Tolbutamide: Ibuprofen, a strong CYP2C9 inhibitor, may decrease the metabolism and clearance of Tolbutamide, a CYP2C9 substrate. Consider alternate therapy or monitor for changes in Tolbutamide therapeutic and adverse effects if Ibuprofen is initiated, discontinued or dose changed.

Torasemide: The NSAID, ibuprofen, may decrease the diuretic and antihypertensive effect of the loop diuretic, torasemide.

Trandolapril: The NSAID, Ibuprofen, may reduce the antihypertensive effect of Trandolapril. Consider alternate therapy or monitor for changes in Trandolapril efficacy if Ibuprofen is initiated, discontinued or dose changed.

Treprostinil: The prostacyclin analogue, Treprostinil, may increase the risk of bleeding when combined with the NSAID, Ibuprofen. Monitor for increased bleeding during concomitant thearpy.

Triflusal: The metabolite of triflusal, 2-hydroxy-4-trifluoro-methyl-benzoic acid (HTB), impairs the serum protein binding of ibuprofen to the same extent as acetylsalisylic acid.
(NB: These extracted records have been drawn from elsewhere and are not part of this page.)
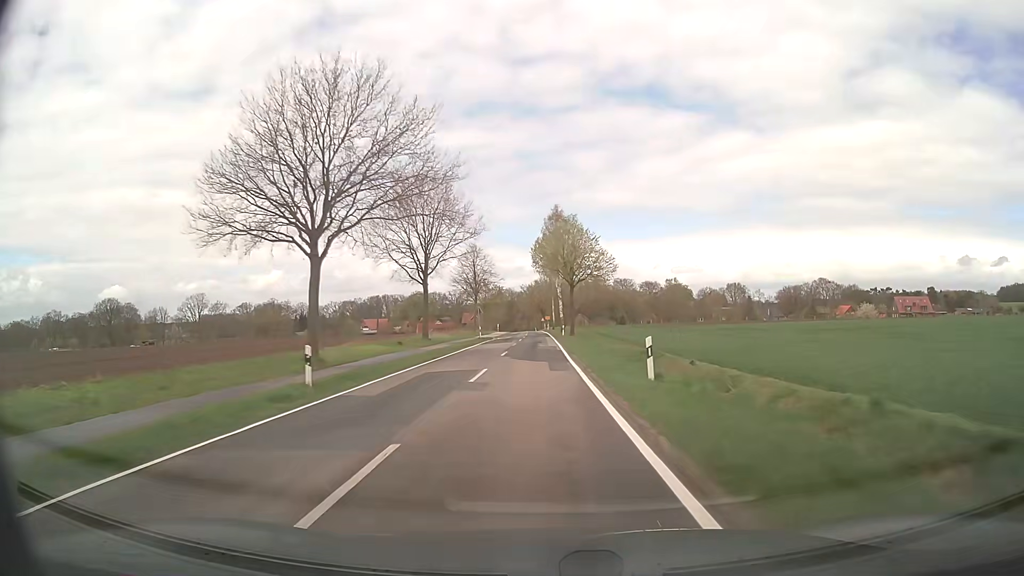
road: secondary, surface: asphalt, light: Day
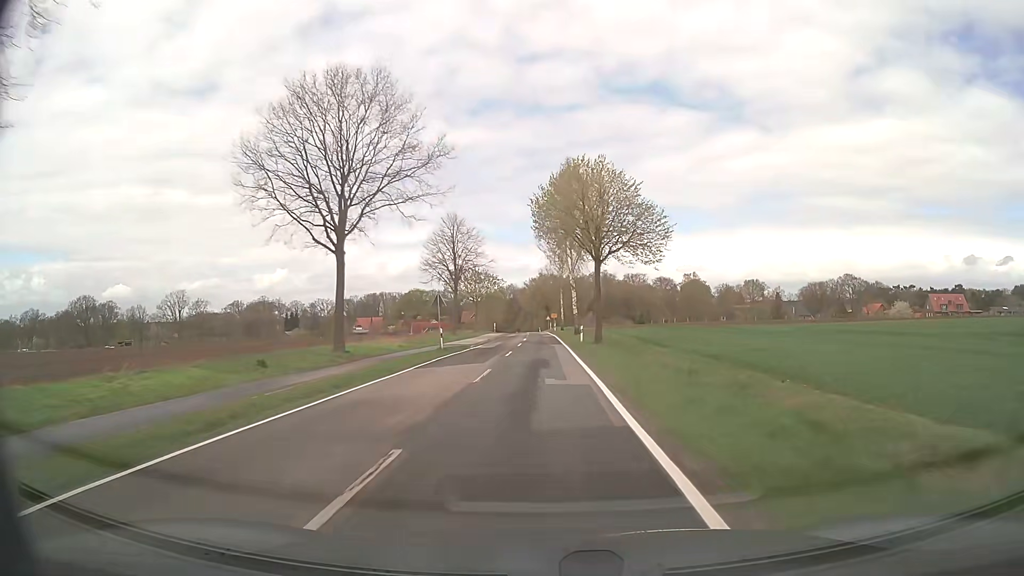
(-0.1, +24.6) m; 0°
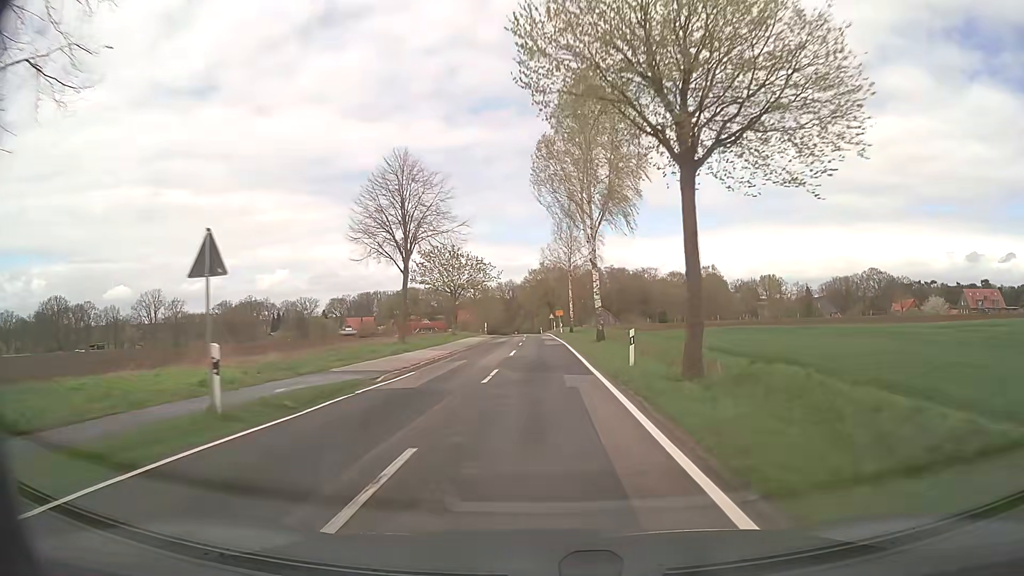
(0.0, +23.7) m; 0°
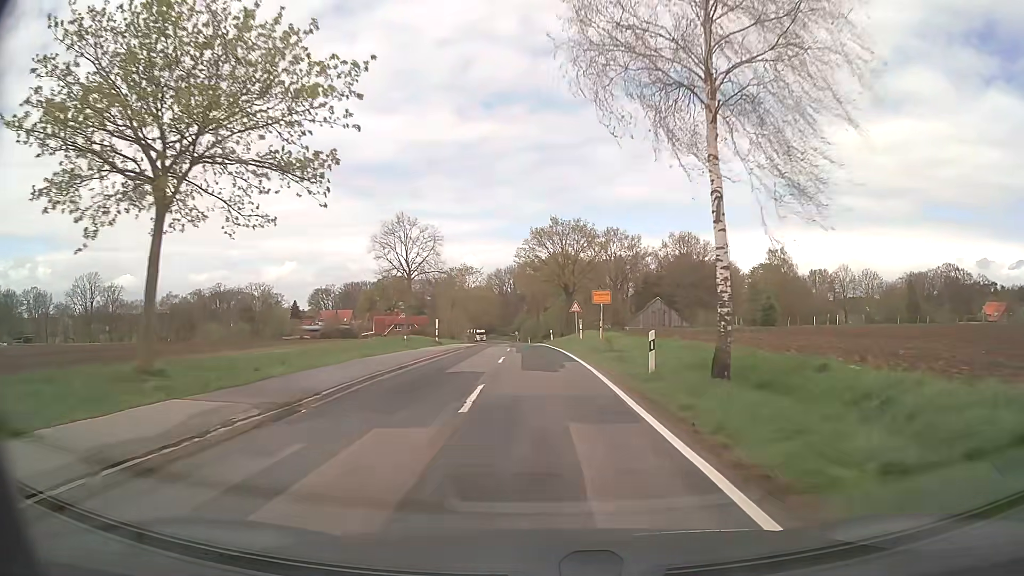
(-0.3, +53.3) m; 0°
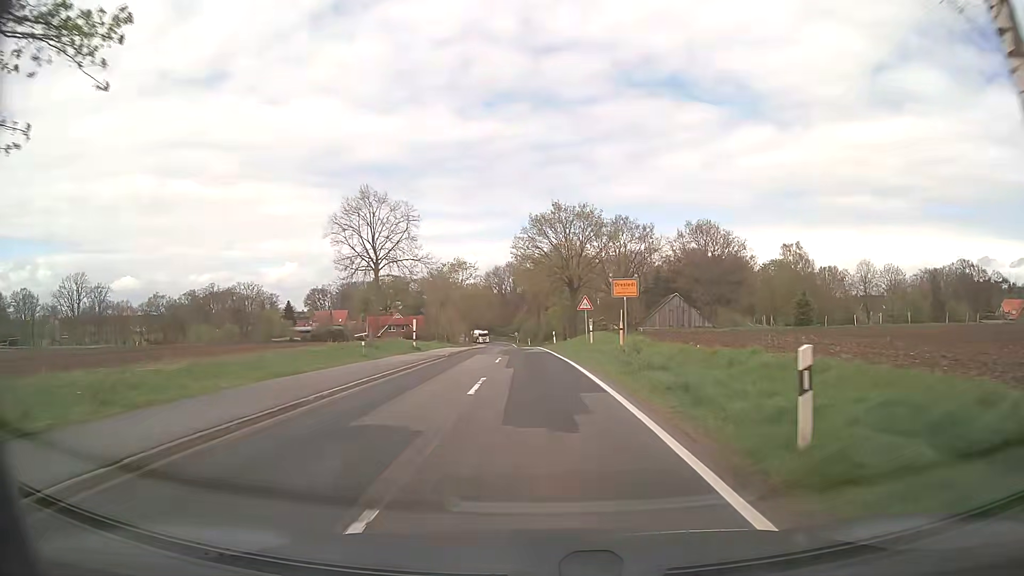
(0.0, +9.0) m; 0°
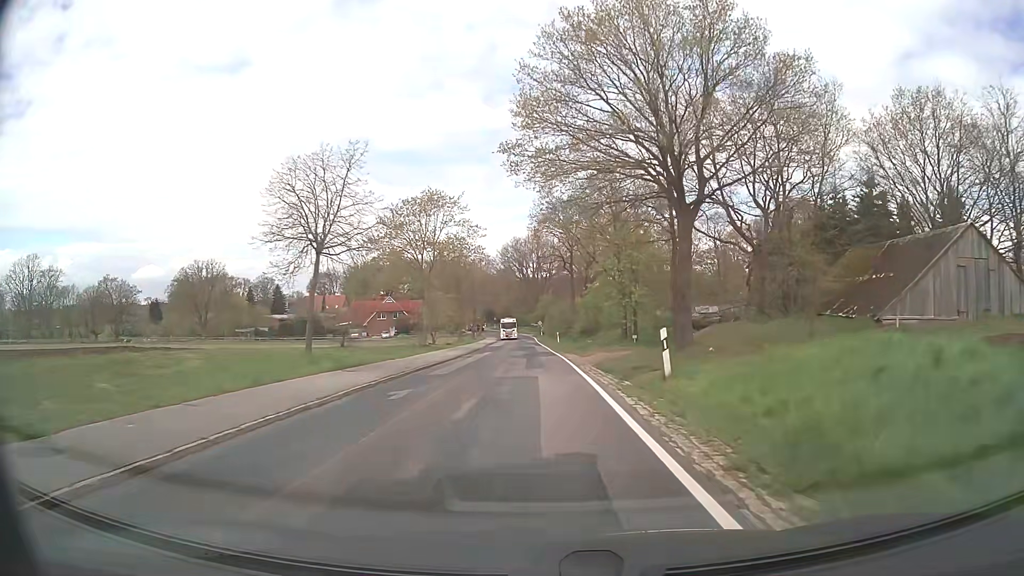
(-0.9, +41.8) m; -2°
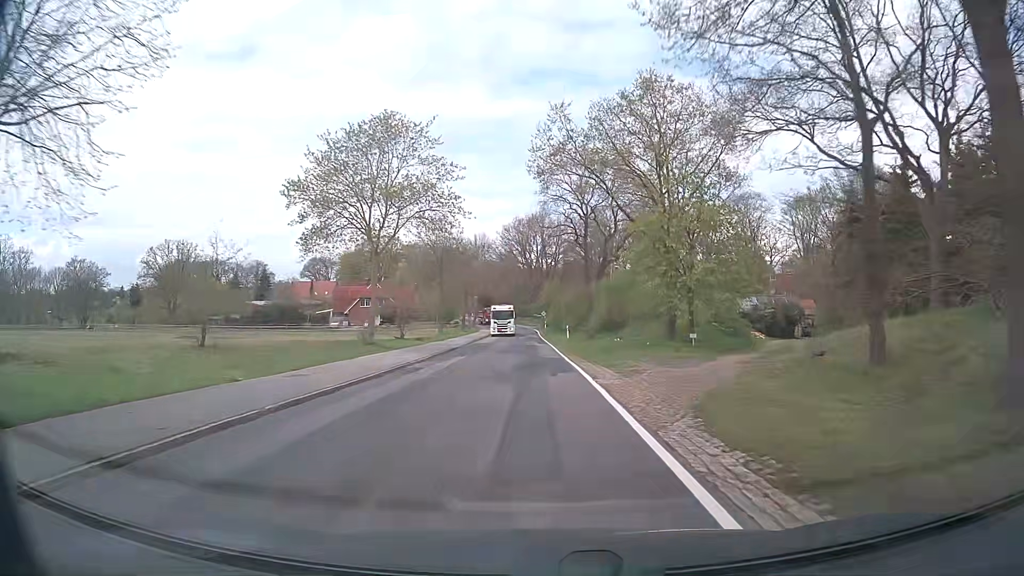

Thus, the free fraction of glisentide may be increased. A dosage reduction may be required if used in combination.

Trimethoprim: The strong CYP2C9 inhibitor, Ibuprofen, may decrease the metabolism and clearance of Trimethoprim, a CYP2C9 substrate. Consider alternate therapy or monitor for changes in therapeutic and adverse effects of Trimethoprim if Ibuprofen is initiated, discontinued or dose changed.

Vilazodone: Increased risk of bleeding with concomitant use of non-steroidal anti-inflammatory drugs with vilazodone.

Voriconazole: Ibuprofen, a strong CYP2C9 inhibitor, may increase the serum concentration of voriconazole by decreasing its metabolism. Monitor for changes in the therapeutic and adverse effects of voriconazole if ibuprofen is initiated, discontinued or dose changed.

Warfarin: Ibuprofen, a strong CYP2C9 inhibitor, may decrease the metabolism of warfarin. The antiplatelet effect of ibuprofen may also increase the bleed risk associated with warfarin. Consider alternate therapy or monitor for changes in the therapeutic and adverse effects of warfarin if ibuprofen is initiated, discontinued or dose changed.